19% Texas Premium Increase, 2024
27% Statewide Increase, 2021–2024
25–40% Rebuild Cost Inflation Since 2019
878 Major Texas Hail Events, 2024

Three forces are reshaping every Texas home insurance renewal in 2026. Severe weather frequency: Texas led the nation in major hail events and tornadoes in 2024 alone. Carrier exits: Foremost ceased writing new policies. Progressive restricted Texas homeowners new business after reporting that storms in Texas accounted for nearly 40 percent of company losses in Q2 fiscal 2024. Liberty Mutual restricted coastal underwriting. Lemonade stopped selling in several Texas counties. Construction inflation: Rebuild costs are 25 to 40 percent higher than 2019.

Less competition. Higher claims. Higher rebuild costs. The math on every Texas renewal got harder. The carrier responses split into two playbooks. Raise the premium. Or shrink the contract. Most renewals do both.

Sources: Texas Department of Insurance, 2024 Market Conditions Annual Report · Federal Reserve Bank of Dallas, Texas Homeowners Insurance Affordability (2026) · Schell Insurance, 2026 Texas Homeowners Coverage Gaps

The Seven Quiet Changes

What carriers do at renewal and rarely call to explain.

"Every one of these changes is legal. Every one is buried in language most clients never read. Every one is worth more than the premium increase that distracted you from finding it."

Pitfall 01

Your roof shifted from Replacement Cost to ACV or a Roof Payment Schedule.

The most common renewal-time change in Texas right now. Carriers are converting Replacement Cost roof coverage to either Actual Cash Value or to a Roof Payment Schedule that reduces payouts on a sliding scale based on roof age.

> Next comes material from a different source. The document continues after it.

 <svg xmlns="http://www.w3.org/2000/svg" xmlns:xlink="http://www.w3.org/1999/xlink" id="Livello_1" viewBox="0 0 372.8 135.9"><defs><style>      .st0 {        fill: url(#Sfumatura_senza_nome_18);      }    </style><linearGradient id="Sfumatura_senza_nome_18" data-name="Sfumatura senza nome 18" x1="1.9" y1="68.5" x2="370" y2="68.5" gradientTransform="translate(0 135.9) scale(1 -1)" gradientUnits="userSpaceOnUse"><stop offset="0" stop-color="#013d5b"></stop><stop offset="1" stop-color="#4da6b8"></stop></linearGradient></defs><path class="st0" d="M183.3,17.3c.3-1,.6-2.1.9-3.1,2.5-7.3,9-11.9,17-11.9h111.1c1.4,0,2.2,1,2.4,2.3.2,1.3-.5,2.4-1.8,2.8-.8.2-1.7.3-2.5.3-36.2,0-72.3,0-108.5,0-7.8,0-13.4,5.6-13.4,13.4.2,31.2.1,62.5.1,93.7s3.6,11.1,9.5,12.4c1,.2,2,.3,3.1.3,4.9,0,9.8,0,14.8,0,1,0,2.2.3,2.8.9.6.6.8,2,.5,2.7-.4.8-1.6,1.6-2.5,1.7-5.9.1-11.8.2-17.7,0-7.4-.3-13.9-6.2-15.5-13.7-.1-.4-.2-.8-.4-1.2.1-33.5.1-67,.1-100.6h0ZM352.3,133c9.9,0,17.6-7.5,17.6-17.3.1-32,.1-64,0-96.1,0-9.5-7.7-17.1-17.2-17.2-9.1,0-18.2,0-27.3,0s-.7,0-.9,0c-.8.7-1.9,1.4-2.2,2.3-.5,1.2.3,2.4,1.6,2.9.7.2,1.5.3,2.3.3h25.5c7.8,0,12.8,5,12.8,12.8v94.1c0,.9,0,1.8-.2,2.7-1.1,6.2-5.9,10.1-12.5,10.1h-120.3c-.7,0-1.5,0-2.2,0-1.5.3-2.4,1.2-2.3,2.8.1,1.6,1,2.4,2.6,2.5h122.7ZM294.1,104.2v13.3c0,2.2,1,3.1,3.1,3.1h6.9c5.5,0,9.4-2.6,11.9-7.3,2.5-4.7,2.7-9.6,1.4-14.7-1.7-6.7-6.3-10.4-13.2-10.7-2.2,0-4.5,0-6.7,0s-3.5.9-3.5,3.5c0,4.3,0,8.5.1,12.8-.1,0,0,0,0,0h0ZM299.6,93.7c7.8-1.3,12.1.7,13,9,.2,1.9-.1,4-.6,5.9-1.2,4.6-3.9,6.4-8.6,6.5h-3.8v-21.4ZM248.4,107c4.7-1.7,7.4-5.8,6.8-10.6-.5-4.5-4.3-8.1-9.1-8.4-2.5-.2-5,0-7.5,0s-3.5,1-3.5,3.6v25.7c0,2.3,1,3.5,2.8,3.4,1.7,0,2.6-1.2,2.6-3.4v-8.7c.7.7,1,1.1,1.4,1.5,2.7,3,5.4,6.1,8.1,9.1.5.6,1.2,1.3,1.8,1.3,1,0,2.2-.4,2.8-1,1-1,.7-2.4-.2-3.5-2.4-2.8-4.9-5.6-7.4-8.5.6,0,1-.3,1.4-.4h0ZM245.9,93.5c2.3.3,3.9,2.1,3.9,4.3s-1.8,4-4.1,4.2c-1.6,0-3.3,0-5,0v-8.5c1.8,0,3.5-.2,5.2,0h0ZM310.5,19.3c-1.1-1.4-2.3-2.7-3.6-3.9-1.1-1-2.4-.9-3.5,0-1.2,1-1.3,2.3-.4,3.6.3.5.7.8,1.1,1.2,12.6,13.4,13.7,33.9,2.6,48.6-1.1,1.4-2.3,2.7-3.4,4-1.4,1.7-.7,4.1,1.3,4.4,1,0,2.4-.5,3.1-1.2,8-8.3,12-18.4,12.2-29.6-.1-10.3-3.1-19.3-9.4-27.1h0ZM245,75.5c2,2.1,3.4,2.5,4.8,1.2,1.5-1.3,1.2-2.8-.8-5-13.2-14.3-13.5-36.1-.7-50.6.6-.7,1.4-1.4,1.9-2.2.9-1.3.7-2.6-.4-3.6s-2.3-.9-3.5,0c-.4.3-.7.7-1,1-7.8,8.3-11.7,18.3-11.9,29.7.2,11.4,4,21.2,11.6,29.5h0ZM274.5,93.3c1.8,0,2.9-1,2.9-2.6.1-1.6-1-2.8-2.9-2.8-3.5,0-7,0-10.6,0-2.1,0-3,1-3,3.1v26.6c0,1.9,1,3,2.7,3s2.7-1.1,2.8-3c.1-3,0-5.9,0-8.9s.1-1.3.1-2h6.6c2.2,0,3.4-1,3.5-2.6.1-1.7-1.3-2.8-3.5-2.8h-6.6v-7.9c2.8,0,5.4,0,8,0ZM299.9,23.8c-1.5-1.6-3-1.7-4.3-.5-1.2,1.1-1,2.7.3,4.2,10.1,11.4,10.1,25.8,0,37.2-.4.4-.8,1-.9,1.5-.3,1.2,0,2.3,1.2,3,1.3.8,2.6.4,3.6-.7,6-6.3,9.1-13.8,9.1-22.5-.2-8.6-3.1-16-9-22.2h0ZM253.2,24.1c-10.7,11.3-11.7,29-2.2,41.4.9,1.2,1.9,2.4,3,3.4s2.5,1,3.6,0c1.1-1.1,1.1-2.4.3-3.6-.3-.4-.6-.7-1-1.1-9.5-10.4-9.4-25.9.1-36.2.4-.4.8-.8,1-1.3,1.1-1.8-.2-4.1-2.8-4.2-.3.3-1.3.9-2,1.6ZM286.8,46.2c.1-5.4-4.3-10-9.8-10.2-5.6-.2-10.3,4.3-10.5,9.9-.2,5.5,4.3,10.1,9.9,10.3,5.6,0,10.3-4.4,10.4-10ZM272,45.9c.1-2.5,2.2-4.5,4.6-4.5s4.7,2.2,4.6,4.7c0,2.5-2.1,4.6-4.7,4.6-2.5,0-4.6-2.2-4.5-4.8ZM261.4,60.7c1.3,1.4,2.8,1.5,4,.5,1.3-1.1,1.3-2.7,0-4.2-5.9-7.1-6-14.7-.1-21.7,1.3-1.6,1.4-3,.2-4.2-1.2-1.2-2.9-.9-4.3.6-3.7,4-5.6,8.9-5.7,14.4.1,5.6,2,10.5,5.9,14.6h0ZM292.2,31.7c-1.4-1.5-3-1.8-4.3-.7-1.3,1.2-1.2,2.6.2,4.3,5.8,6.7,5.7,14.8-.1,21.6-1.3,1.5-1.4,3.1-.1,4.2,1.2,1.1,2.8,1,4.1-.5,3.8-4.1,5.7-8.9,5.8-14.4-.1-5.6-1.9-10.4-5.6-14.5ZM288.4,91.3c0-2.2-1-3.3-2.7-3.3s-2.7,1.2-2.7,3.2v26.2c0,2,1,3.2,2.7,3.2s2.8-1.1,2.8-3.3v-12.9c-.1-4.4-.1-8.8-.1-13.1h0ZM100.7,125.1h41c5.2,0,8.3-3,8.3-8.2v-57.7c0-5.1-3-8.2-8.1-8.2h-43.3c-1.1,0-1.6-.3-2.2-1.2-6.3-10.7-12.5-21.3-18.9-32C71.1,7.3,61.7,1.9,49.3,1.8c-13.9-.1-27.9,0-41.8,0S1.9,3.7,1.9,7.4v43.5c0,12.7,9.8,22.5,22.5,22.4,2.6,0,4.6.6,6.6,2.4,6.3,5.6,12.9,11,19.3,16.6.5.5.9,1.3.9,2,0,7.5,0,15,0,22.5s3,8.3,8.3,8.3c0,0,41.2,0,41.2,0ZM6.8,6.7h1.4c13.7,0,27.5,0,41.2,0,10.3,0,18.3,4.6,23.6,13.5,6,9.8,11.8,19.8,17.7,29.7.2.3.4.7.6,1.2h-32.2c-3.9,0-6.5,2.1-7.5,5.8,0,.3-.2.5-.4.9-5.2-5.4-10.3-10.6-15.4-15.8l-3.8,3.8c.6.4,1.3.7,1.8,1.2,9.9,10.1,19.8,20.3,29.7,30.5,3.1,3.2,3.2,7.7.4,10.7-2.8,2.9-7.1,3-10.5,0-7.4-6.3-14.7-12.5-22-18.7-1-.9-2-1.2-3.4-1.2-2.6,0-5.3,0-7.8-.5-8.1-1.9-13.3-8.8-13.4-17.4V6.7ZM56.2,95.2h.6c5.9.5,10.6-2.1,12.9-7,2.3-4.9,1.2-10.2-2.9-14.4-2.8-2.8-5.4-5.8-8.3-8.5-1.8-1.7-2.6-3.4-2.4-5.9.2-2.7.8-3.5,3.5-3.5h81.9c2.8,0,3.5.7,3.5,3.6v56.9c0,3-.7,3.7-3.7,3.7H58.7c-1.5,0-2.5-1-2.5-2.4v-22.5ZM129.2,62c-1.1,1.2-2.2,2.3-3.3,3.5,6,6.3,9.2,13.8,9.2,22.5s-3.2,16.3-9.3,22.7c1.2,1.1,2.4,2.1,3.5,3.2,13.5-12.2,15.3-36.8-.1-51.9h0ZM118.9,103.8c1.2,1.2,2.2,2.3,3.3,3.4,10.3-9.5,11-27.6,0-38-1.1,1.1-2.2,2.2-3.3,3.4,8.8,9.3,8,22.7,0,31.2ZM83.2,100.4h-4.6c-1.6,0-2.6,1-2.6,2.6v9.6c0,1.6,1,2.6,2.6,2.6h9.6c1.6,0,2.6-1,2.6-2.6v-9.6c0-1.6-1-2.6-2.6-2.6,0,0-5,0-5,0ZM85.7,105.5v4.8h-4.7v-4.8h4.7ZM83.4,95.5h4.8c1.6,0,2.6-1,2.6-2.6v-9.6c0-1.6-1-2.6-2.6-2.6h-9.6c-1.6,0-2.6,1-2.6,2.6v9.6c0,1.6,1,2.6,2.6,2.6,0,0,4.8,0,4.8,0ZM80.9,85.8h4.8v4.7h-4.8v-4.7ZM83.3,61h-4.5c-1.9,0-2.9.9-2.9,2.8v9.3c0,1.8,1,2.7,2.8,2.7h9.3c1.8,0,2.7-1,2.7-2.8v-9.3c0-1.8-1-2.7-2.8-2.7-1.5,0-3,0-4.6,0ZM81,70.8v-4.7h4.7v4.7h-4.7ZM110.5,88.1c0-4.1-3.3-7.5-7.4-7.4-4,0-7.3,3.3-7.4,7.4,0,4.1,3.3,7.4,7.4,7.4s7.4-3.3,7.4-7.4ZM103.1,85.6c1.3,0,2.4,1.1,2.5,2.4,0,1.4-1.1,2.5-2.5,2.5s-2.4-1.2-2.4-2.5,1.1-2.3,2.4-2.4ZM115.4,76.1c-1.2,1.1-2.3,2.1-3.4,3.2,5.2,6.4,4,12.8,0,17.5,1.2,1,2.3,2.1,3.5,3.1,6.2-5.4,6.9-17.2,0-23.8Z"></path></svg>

Technical Detail The typical Texas Roof Payment Schedule pays 100 percent of replacement cost for roofs 0 to 5 years old, 80 percent at 6 to 10 years, 60 percent at 11 to 15 years, 40 percent at 16 to 20 years, and 20 percent at 21+ years. On a 15-year-old composition shingle roof costing $20,000 to replace, the carrier under a Roof Payment Schedule may pay $12,000 minus your wind/hail deductible. Under straight ACV with a $4,000 deductible on a $200,000 dwelling, the math gets worse: the Texas Department of Insurance documents an example where ACV paid $5,000 minus deductible on a 10-year-old roof valued at $7,000, while the same loss under Replacement Cost would have paid $8,000.
Charles in Plain English

The renewal looks the same. The roof you protected is not.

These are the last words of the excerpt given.